Stored records
((
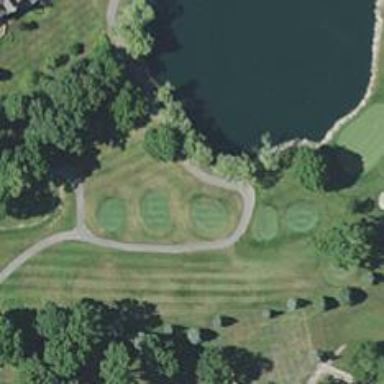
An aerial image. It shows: Path for both roads and golfers.
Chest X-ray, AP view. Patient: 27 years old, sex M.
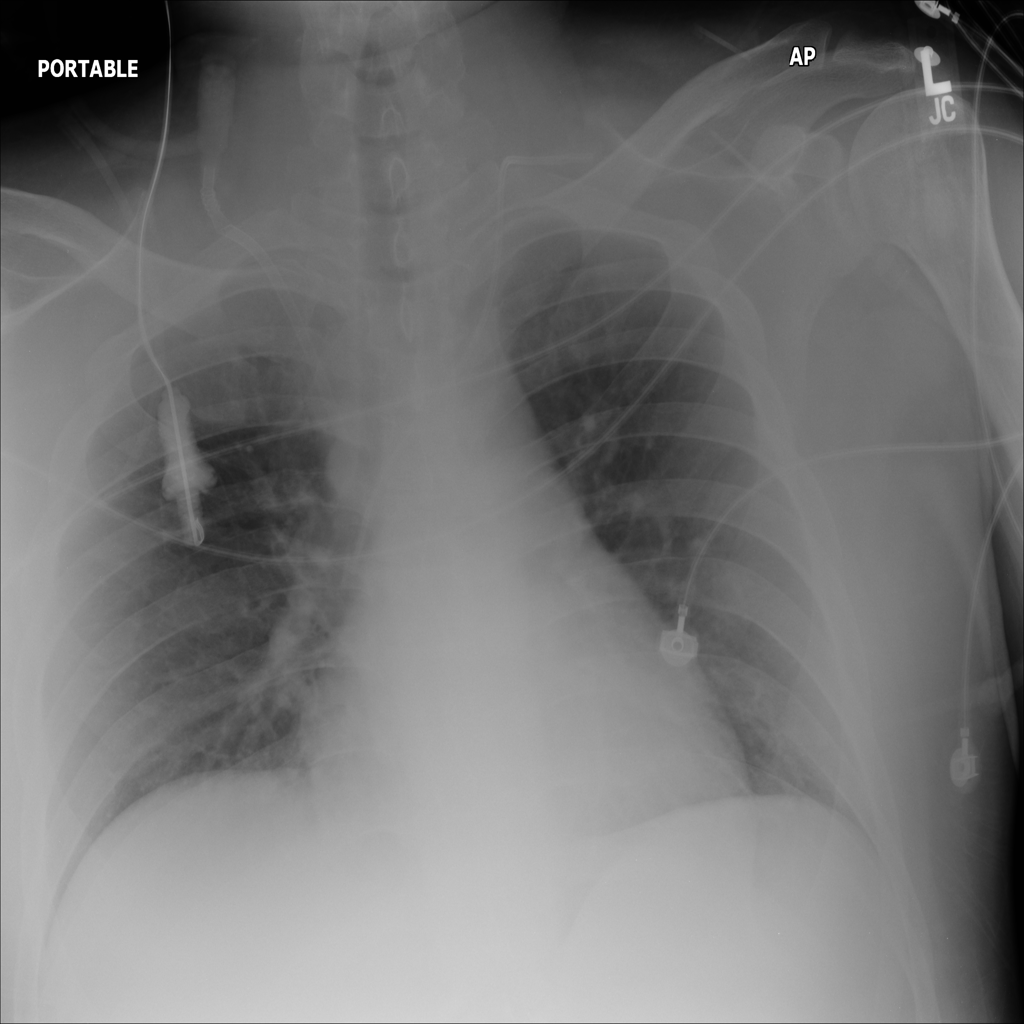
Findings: No Finding
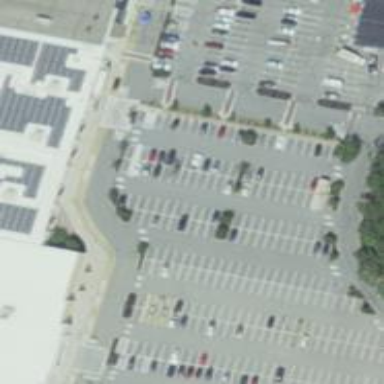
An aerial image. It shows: Parking space is available.
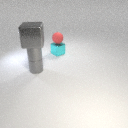
small cyan metal cube below small red rubber sphere
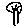
Label: tree
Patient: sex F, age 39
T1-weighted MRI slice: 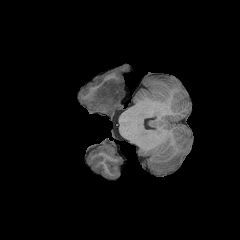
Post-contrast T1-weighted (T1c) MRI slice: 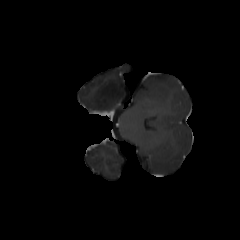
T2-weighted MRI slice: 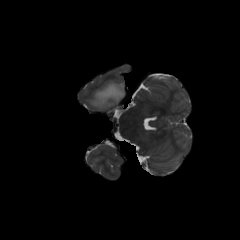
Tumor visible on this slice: yes
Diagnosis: Astrocytoma, IDH-mutant
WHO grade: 4
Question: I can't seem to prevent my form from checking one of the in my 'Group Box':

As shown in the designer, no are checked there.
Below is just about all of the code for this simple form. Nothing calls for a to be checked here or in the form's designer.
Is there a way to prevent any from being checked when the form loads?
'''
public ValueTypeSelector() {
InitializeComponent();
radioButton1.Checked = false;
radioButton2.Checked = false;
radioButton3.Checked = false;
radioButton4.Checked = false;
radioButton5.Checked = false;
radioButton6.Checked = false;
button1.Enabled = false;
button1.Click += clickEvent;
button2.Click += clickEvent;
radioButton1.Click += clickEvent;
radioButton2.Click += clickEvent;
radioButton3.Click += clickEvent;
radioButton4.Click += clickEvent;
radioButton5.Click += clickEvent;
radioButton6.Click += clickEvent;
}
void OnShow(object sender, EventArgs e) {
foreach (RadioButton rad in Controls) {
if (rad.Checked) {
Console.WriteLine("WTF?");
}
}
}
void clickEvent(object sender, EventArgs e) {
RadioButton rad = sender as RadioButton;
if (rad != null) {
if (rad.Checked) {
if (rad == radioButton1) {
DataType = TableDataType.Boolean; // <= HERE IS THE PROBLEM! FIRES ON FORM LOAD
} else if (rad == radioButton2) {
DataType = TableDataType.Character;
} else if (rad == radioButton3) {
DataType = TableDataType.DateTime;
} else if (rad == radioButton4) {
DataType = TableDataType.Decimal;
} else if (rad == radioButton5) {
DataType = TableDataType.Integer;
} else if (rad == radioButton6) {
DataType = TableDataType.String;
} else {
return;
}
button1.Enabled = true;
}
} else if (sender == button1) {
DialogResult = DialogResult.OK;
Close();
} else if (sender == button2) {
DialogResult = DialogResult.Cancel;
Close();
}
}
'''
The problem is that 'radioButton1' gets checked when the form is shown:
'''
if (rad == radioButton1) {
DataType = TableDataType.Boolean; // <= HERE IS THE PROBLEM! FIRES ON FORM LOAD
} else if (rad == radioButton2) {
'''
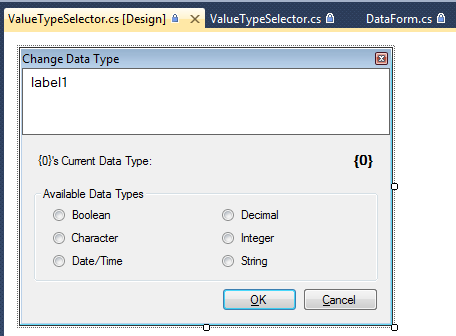
Answer: Make sure your radiobuttons are NOT the first tabindex = 0 controls. Make the OK button tabindex=0, followed by the radiobuttons.
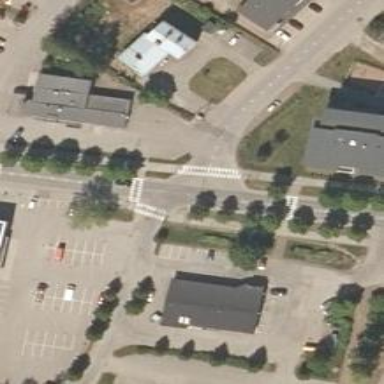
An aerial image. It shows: Asphalt cycleway with zebra crossing for cyclists.
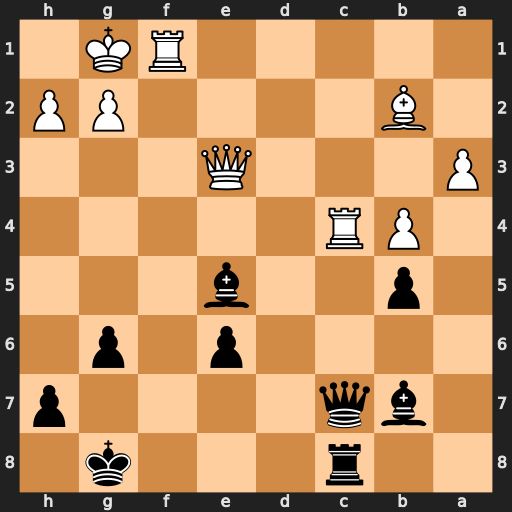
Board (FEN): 2r3k1/1bq4p/4p1p1/1p2b3/1PR5/P3Q3/1B4PP/5RK1
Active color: b
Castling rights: -
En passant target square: -
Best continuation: Bxh2+ Kh1 Qxc4
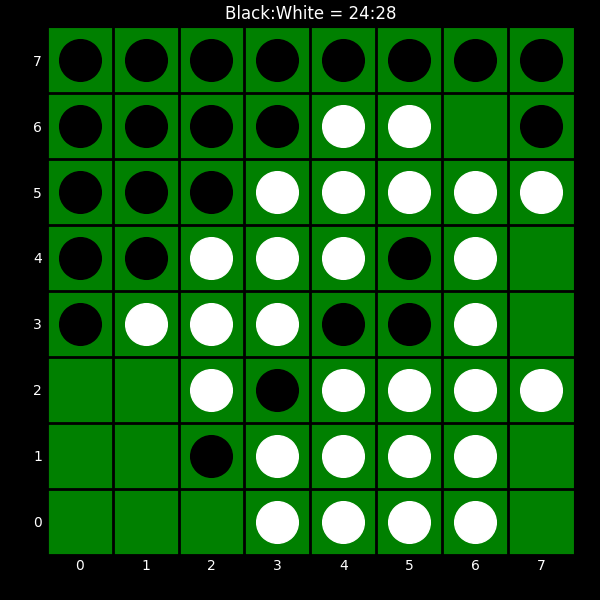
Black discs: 24
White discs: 28
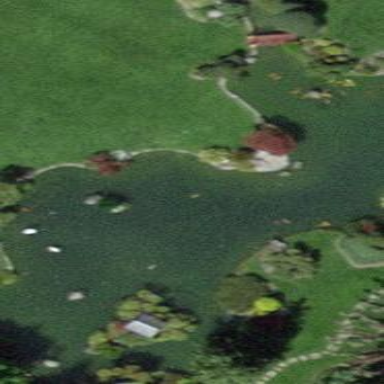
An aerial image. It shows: Pond with natural water.
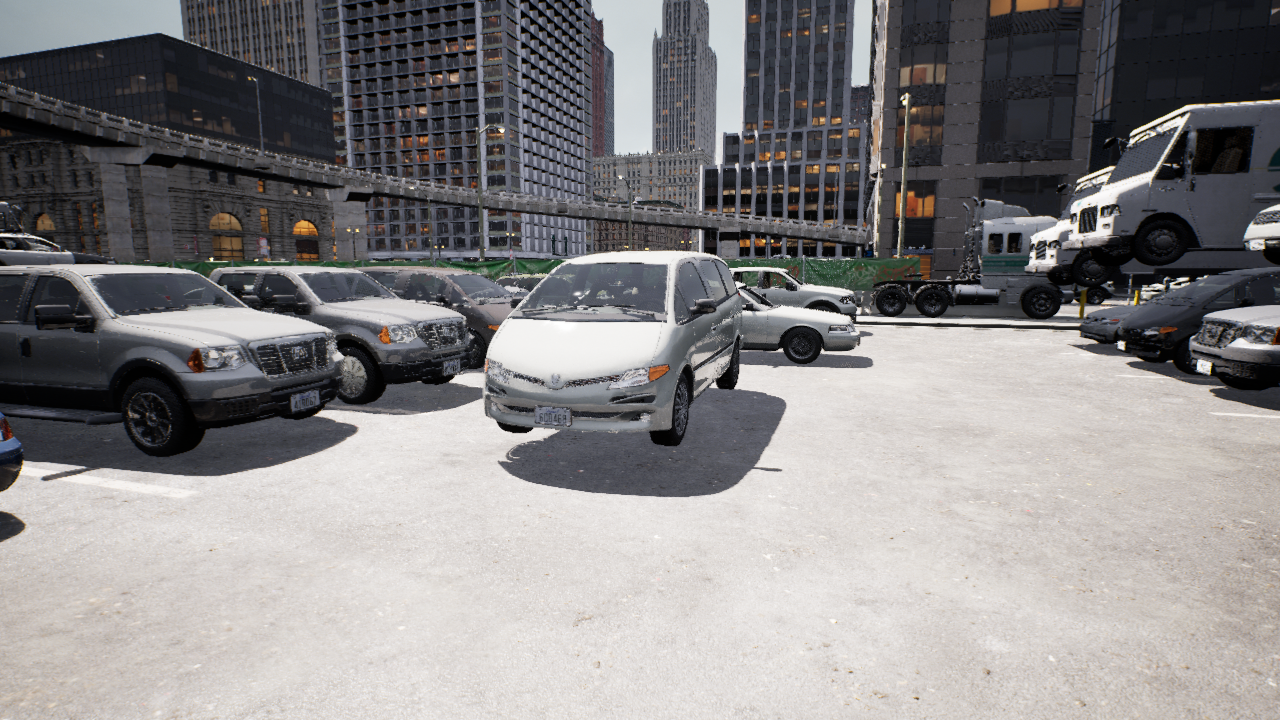
Venue: arterial
Lighting: clear day
Vehicle rig: minivan
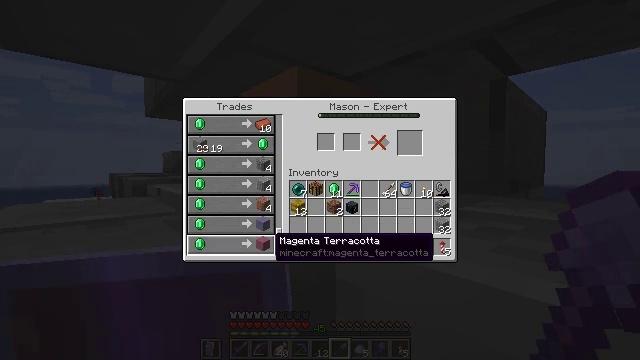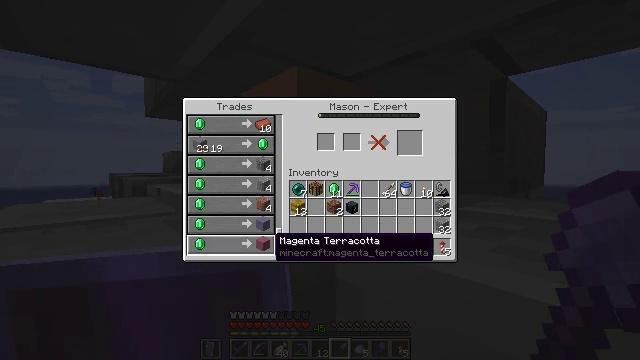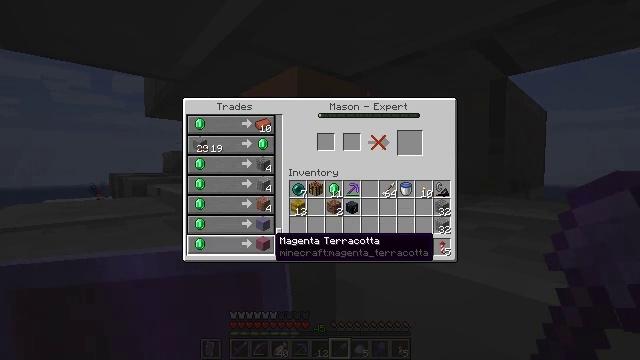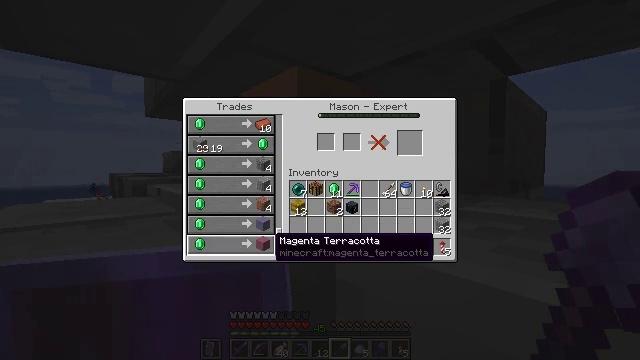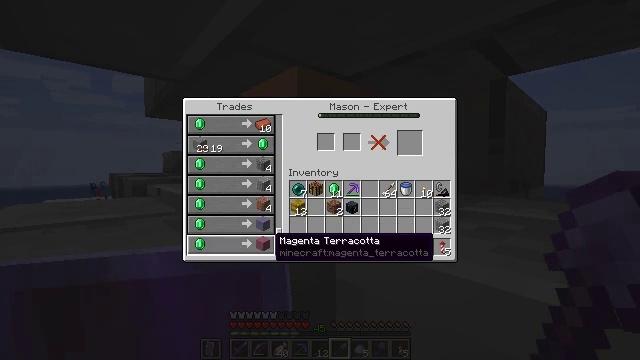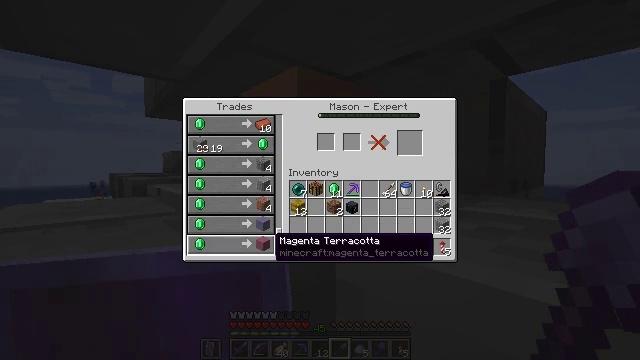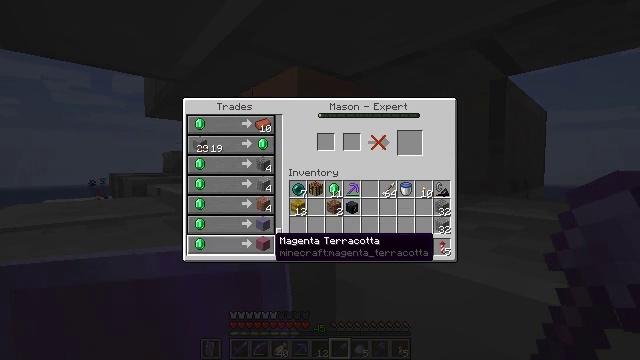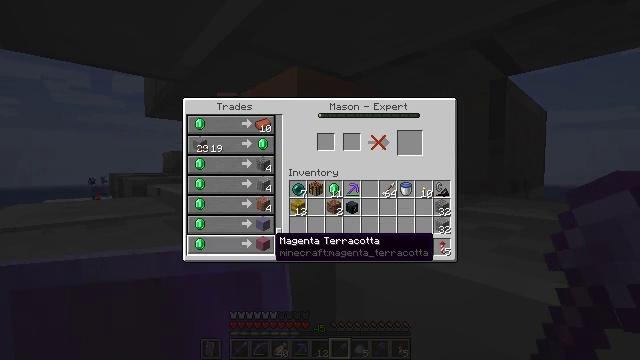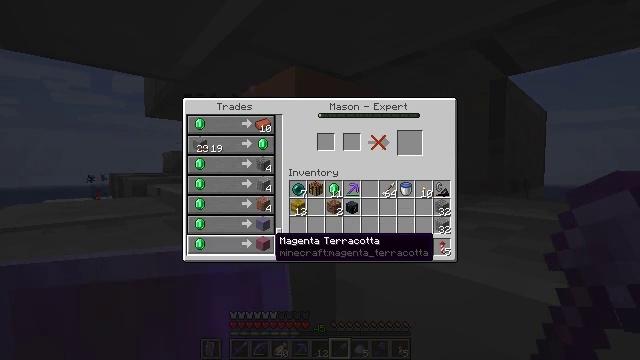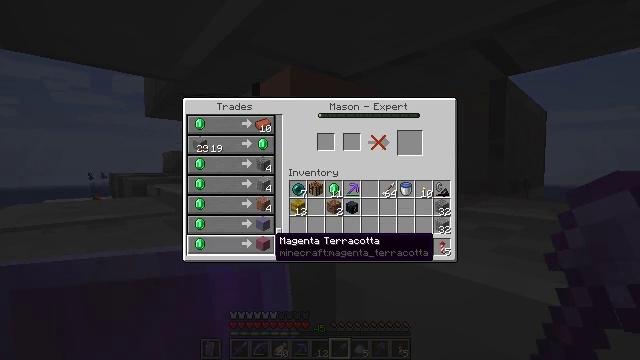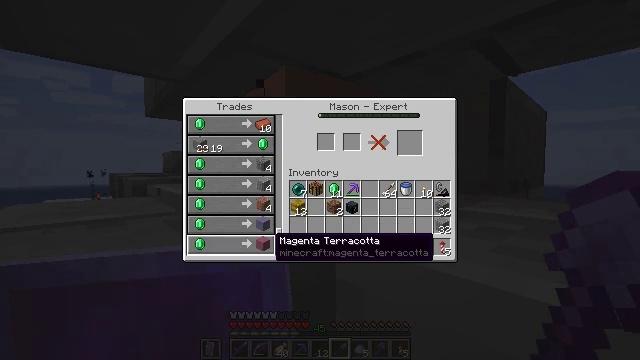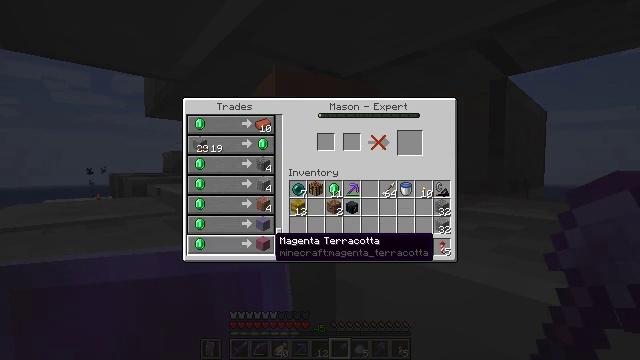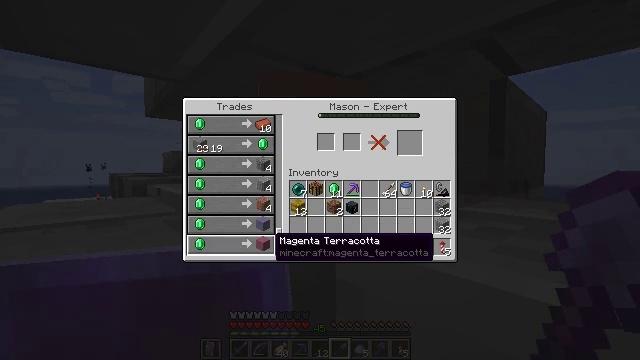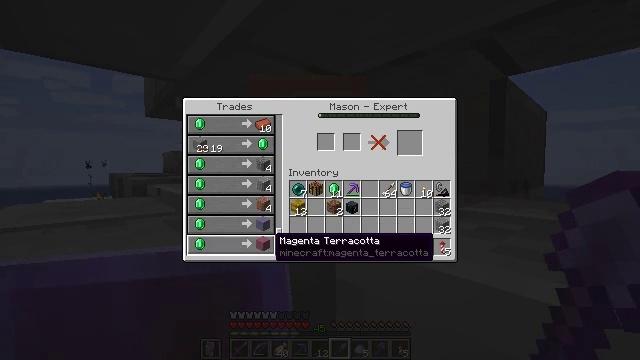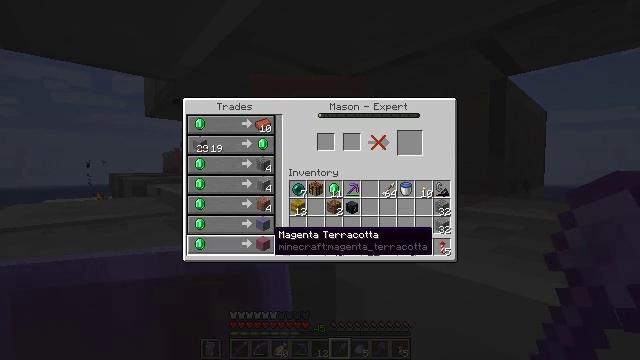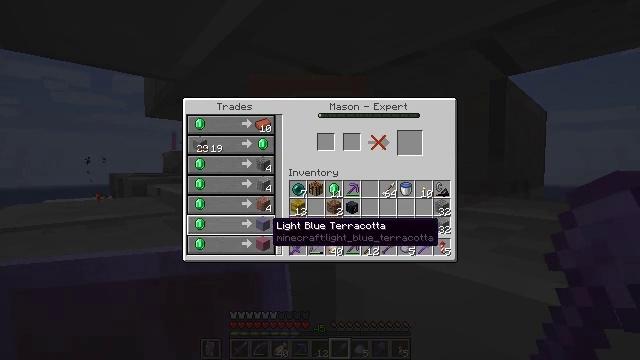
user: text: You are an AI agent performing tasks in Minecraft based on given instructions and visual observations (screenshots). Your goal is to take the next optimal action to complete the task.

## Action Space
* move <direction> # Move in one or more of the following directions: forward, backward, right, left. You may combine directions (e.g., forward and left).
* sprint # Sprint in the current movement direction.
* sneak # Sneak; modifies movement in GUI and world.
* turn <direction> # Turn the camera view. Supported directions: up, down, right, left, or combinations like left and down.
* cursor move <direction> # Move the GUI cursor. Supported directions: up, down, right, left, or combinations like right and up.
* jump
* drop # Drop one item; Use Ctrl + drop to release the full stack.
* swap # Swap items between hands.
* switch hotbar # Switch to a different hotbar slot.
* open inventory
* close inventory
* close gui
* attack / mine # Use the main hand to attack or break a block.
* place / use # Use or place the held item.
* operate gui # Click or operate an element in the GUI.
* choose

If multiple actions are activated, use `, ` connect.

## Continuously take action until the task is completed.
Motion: motion action
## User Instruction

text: craft item light blue terracotta
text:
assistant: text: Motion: no_op
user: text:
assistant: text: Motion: no_op
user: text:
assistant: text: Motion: no_op
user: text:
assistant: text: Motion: no_op
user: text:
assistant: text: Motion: no_op
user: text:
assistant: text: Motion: no_op
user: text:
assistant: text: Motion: no_op
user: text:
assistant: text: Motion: no_op
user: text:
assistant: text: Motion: no_op
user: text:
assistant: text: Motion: no_op
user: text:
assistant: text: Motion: no_op
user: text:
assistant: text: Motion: no_op
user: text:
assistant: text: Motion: no_op
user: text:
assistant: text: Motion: no_op
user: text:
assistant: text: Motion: turn up
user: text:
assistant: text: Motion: turn up
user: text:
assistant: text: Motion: no_op
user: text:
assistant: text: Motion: no_op
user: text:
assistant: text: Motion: no_op
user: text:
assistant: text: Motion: no_op
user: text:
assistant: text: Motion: no_op
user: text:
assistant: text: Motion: no_op
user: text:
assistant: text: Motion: no_op
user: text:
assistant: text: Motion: no_op
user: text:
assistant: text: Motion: no_op
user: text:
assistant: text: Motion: no_op
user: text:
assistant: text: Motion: attack / mine
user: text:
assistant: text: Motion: attack / mine
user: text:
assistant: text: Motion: attack / mine
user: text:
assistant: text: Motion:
))
ASSIGNMENT: Word for word, restate the lines above from the first through the one that contains "Diagnosis: Astrocytoma, IDH-mutant", and exclude all pictures.

WRITTEN RESPONSE:
An aerial image. It shows: Path for both roads and golfers.
Chest X-ray, AP view. Patient: 27 years old, sex M.
Findings: No Finding
An aerial image. It shows: Parking space is available.
small cyan metal cube below small red rubber sphere
Label: tree
Patient: sex F, age 39
T1-weighted MRI slice: 
Post-contrast T1-weighted (T1c) MRI slice: 
T2-weighted MRI slice: 
Tumor visible on this slice: yes
Diagnosis: Astrocytoma, IDH-mutant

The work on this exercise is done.